Performance & Inference Speedups
SwarmLLM's distributed inference path ships with a stack of optimisations that are on by default — you get them without touching a config. This chapter names each one, explains what it does, and shows the measured win so you can tell which levers matter for your workload.
A few are flag-gated because the win is workload-dependent or the path is still being hardened; those are documented at the bottom so you can turn them on intentionally.
The full design notes live in
docs/plans/archive/distributed_inference_speedup.md
with benchmark recipes in
docs/plans/benchmarks/.
The default-on stack
Continuous batching
Concurrent /v1/chat/completions requests for the same model share one
forward pass per decode tick instead of running serially.

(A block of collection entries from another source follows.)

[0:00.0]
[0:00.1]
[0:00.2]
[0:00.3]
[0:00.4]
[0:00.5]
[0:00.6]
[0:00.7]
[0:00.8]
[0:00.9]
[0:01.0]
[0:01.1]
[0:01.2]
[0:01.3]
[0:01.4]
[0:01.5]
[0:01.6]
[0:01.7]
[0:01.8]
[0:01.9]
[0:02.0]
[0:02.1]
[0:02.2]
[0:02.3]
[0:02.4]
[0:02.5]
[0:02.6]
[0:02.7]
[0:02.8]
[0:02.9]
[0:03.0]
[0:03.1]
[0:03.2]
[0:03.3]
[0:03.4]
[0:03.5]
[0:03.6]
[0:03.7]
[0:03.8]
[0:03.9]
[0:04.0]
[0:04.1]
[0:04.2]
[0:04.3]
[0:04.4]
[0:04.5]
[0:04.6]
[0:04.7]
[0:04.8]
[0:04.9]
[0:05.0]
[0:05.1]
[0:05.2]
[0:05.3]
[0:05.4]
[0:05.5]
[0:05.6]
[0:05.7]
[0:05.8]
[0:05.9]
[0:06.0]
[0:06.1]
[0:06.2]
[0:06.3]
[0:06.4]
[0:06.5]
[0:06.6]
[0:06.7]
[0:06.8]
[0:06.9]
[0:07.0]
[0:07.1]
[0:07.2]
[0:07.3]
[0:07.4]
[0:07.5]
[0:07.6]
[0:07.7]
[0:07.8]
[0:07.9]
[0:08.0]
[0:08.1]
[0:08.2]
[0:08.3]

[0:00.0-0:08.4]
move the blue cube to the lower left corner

GPU builds use a
fused forward_batch kernel; CPU workers fall through to sequential with
no regression.
- Measured: 1.34–1.55× GPU throughput at batch 2–8 on RTX 3070 + TinyLlama Q4
- Config:
inference.continuous_batching = true(default)
Remote-generate fast path
For single-segment distributed inference (the common case: one remote node owns the whole model, requester does embedding + sampling), skip the per-token coordinator round-trips and run the decode loop end-to-end on the remote worker. Tokens stream back as they're sampled.
- Measured: 1.93× decode speedup
- Config: default-on — no flag, triggered automatically on single-segment pipelines
Cross-request prefix cache
Each worker keeps an LRU cache of prefill KV snapshots keyed by the prompt's token prefix. A re-submission with the same system prompt (different user turn) skips prefill for the shared prefix and only forwards the suffix.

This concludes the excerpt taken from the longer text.